[article as originally published in Theater Pizzazz, January 20, 2017.]

“When you’re a woman of a certain age,” Tulis McCall impishly informs us, “regret is everywhere.”

McCall’s one woman show Are You Serious?, running Sundays through the end of March at the Cornelia Street Café (where it has been charming audiences since late 2016), is a tale of standing in your truth while looking backwards and forwards, balancing regret with blow jobs and orgasms and periods and being invisible. The 50-minute monologue explores the middle age shift in the universe while she lives through it, becoming a woman people don’t notice or ask or pay attention to or care about.

Yet, this is not a dire railing against aging and time.
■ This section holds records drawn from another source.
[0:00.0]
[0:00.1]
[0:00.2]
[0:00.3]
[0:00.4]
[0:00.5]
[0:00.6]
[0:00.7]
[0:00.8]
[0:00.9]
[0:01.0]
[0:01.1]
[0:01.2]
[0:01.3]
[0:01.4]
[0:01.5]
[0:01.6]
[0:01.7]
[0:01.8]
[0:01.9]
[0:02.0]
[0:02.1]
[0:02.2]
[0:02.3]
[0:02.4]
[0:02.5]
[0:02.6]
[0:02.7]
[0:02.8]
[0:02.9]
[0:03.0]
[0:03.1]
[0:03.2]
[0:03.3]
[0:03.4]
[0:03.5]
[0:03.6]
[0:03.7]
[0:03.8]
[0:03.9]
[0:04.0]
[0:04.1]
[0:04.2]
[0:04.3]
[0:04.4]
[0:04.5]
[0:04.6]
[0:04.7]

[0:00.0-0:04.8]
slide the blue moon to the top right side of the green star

Host McCall, full of humor and wisdom, master of the monologue, is eager to share what she has learned about being a Woman of a Certain Age, a concept she soon reduces to its acronym WCA. There are loads of laughs and nods of acceptance and recognition in reaction to her musings.
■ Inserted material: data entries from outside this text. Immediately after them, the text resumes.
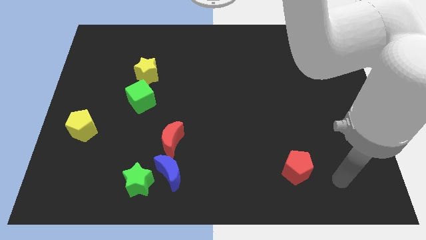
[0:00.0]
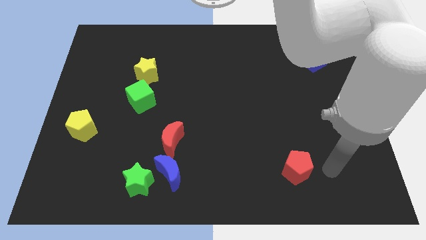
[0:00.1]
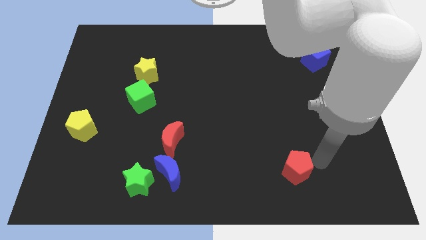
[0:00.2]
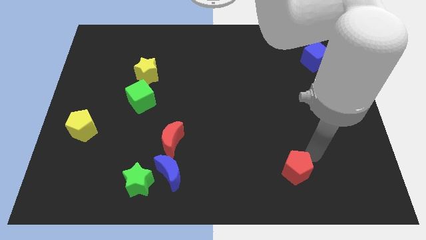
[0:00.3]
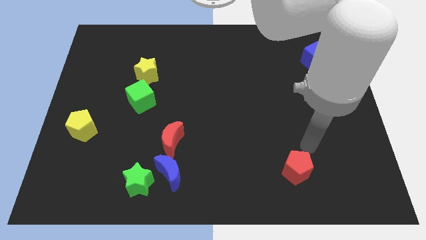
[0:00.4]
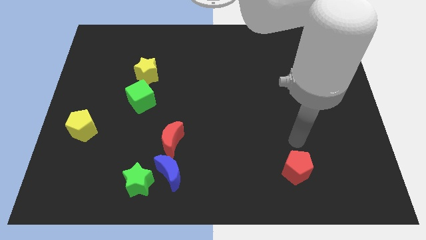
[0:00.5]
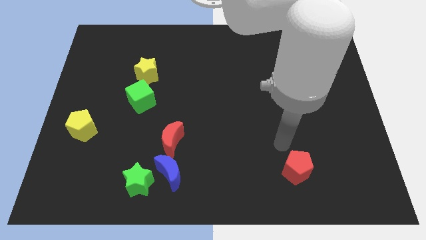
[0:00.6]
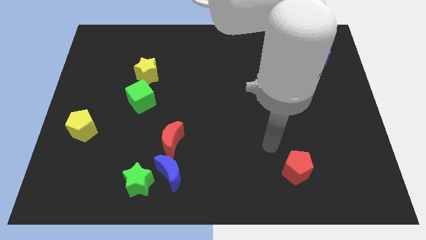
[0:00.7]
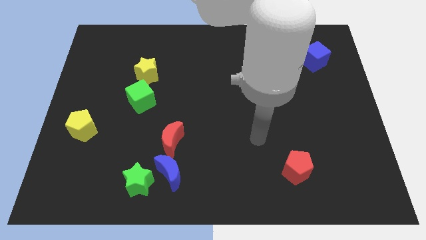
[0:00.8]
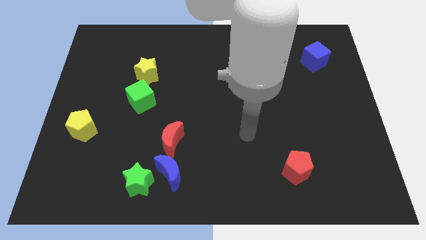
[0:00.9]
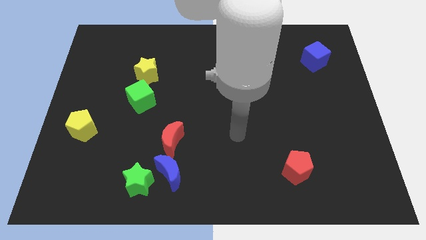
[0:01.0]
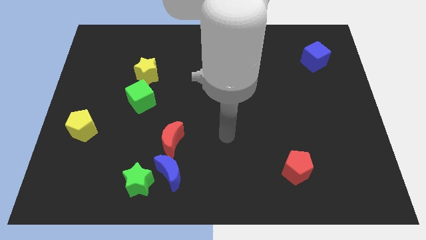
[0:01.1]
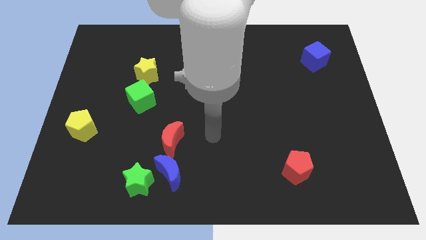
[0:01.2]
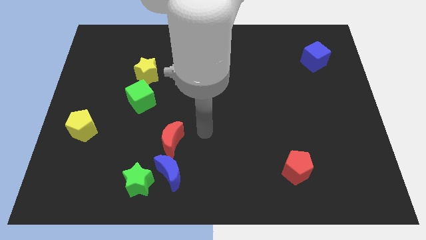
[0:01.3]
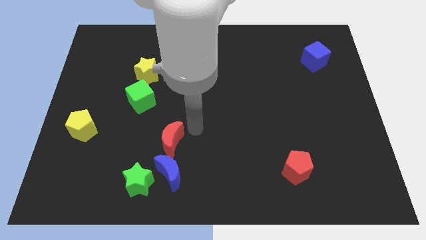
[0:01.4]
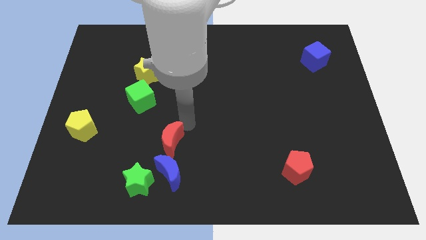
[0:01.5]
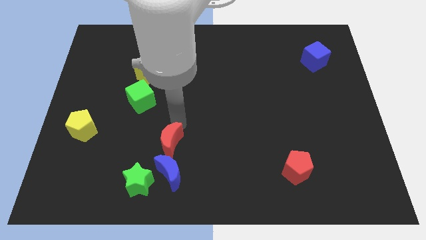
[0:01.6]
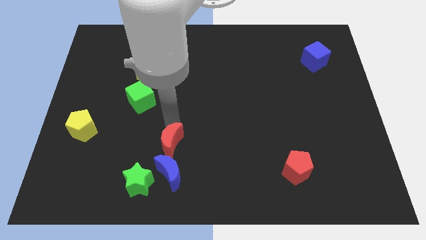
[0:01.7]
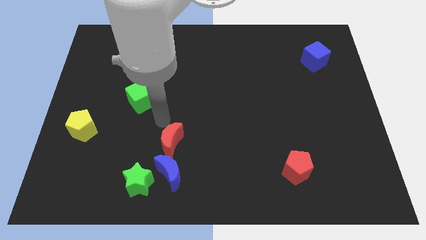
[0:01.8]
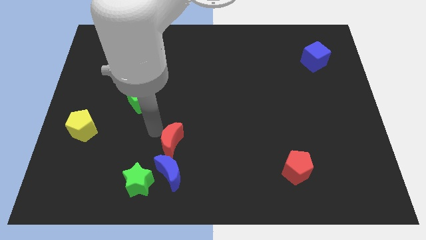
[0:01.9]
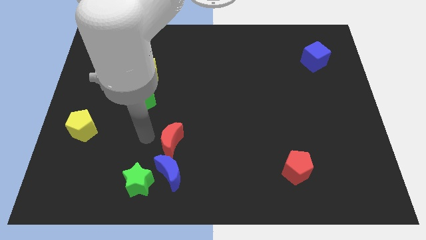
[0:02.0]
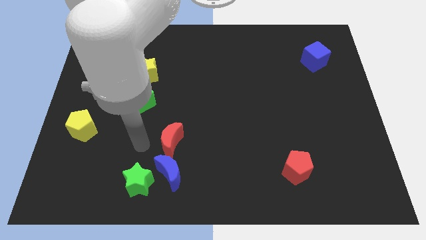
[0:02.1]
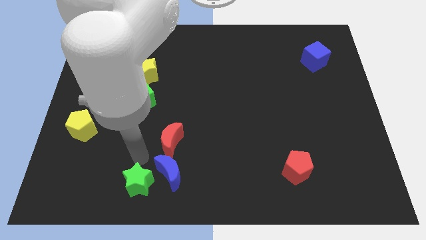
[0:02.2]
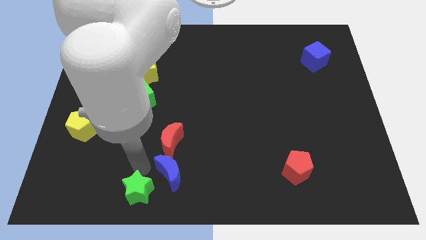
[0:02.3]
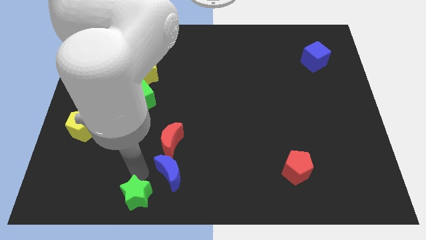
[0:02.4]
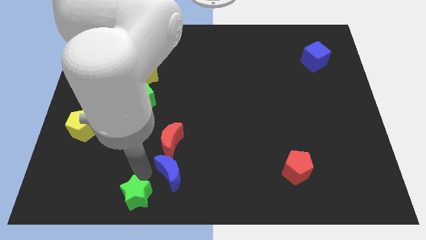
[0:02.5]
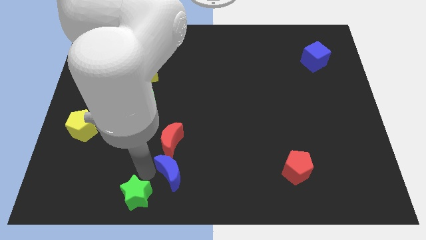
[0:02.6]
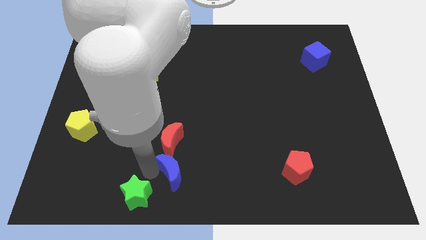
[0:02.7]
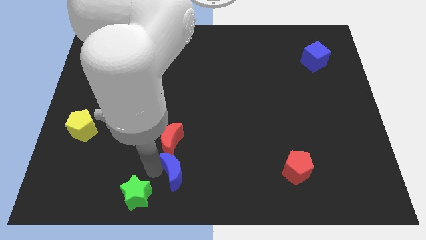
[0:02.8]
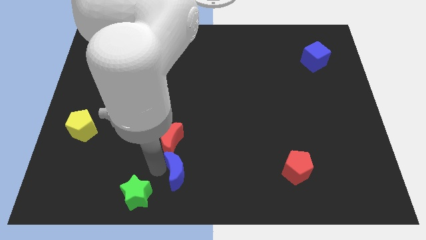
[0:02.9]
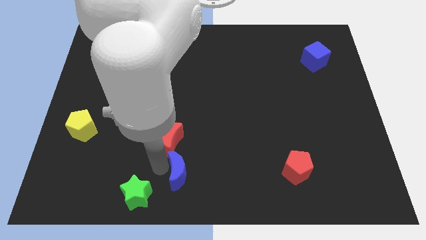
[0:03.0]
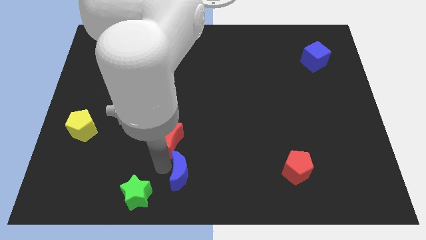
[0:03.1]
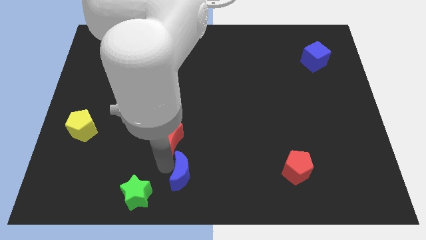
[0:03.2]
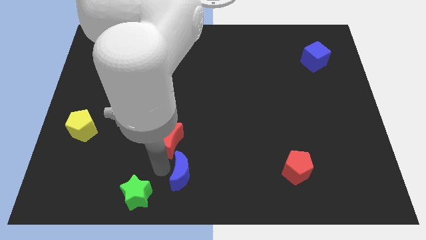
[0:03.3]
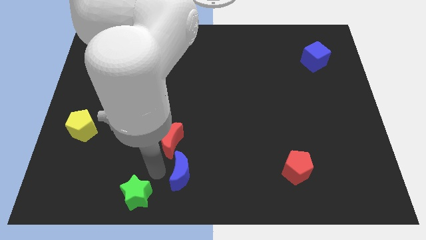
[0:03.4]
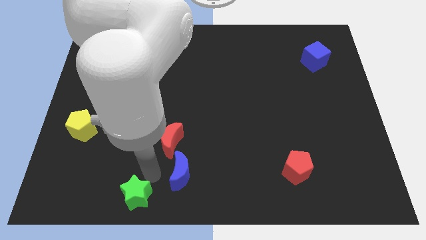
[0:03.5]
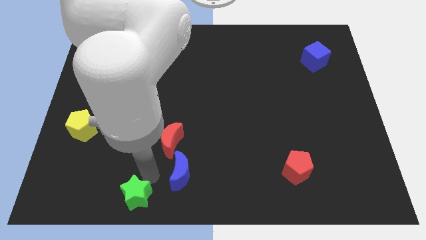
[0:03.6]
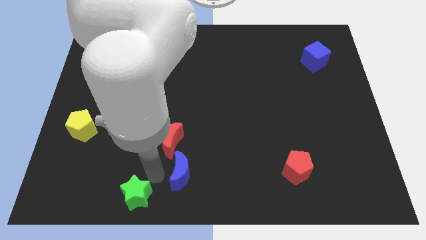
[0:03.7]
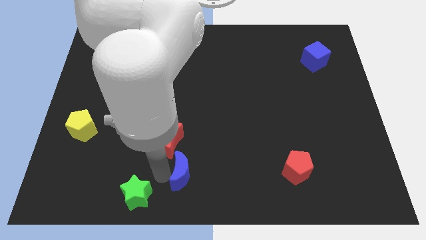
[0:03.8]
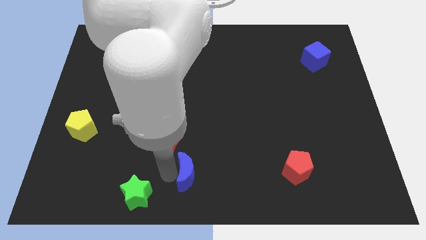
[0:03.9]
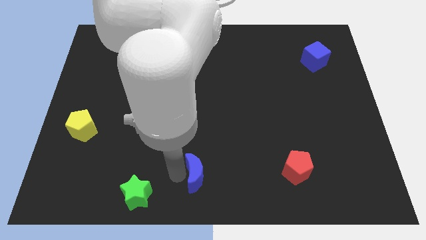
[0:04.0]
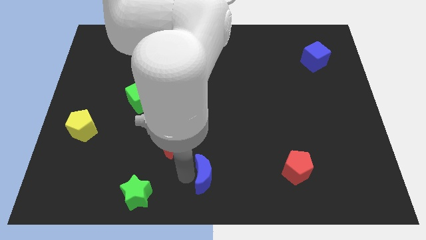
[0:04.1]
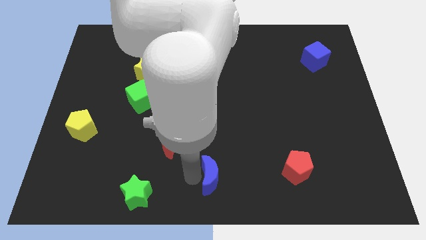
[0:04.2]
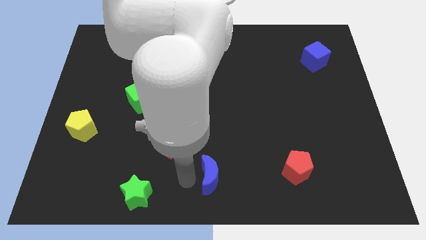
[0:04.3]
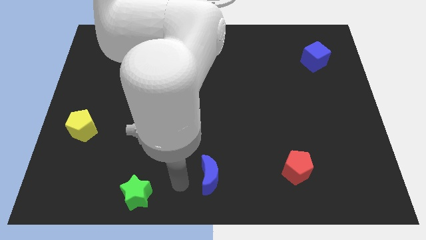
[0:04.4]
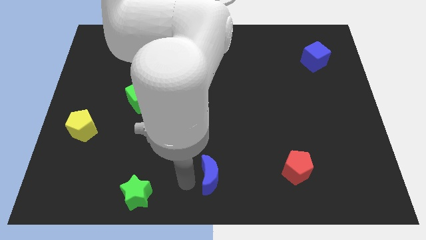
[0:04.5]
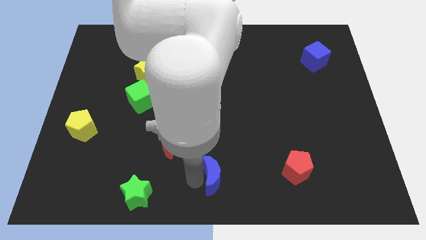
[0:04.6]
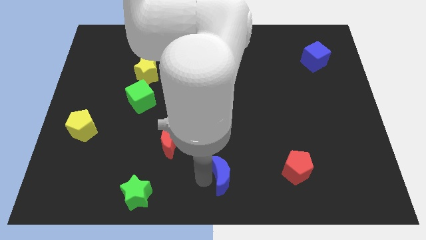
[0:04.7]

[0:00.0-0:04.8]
put the blue moon to the left side of the red pentagon

Just as in the political, personal, literate, closely-observed humor of George Carlin (1937-2008), McCall explores the cultural language of aging as well as the gender specific effects. For example, she muses that we “hit” the decades of 30 and 40 and 50 and 60 and even 70 in American culture, while we say that we “reach” 80 and 90, and then “make it” to ages beyond. Amidst the chuckles at these visions of men and women banging heads against decades, then grabbing with extended fingers the edges of later decades, then resolving (or simply surviving) into the oldest phases, we recognize some truths. Language matters, she shows us in this example, and our hearts are open.

While “on the conveyor belt of actual life,” McCall asserts that you become a WCA when you want time to slow down, when you begin to “check the age of those who died and do the math.” It’s individual self-awareness in the passage of time, looking back and looking forward, and seeing common ground with others in the adventure.
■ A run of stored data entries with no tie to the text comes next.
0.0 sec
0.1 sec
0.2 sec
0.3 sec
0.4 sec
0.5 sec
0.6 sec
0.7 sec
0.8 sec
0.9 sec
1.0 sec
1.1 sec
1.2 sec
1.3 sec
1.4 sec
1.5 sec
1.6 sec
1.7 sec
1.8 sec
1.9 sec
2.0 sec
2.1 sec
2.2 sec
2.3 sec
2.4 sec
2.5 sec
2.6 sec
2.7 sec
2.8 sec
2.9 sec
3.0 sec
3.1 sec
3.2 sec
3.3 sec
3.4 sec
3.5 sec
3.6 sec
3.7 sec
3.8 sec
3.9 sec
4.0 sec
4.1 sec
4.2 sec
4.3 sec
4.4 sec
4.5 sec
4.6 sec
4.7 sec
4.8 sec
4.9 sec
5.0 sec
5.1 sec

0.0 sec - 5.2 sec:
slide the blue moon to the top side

Stories address the gradual awareness of aging – not as a desperate reveal but a phenomenon that sneaks up on you while you’re busy living your life. Stephen Sondheim’s melancholy tune “Who’s That Woman” from Follies (1971) reflects the melancholy surprise of an aging show girl caught unawares by her own mirrored reflection. “Who’s that woman / That cheery, weary woman / Who’s dressing for yet one more spree? / Each day I see her pass / In my looking-glass– / Lord, Lord, Lord, that woman is me!” McCall, on the other hand, presents us stories of a woman grabbing life by the tail, momentarily surprised by a reflected image of a WCA stranger, while not at all bemoaning a younger phase of life.

Amidst remarks on gender differences, e.g. “for men age is not an adjective, it’s a destination,” this is a universal story of the human condition. “The past is just a junk yard and the future is a wasteland,” Tulis McCall tells us. And where we want to be is with her in the unapologetic right now, right here, connecting with fellow humans, honestly feeling our world around us.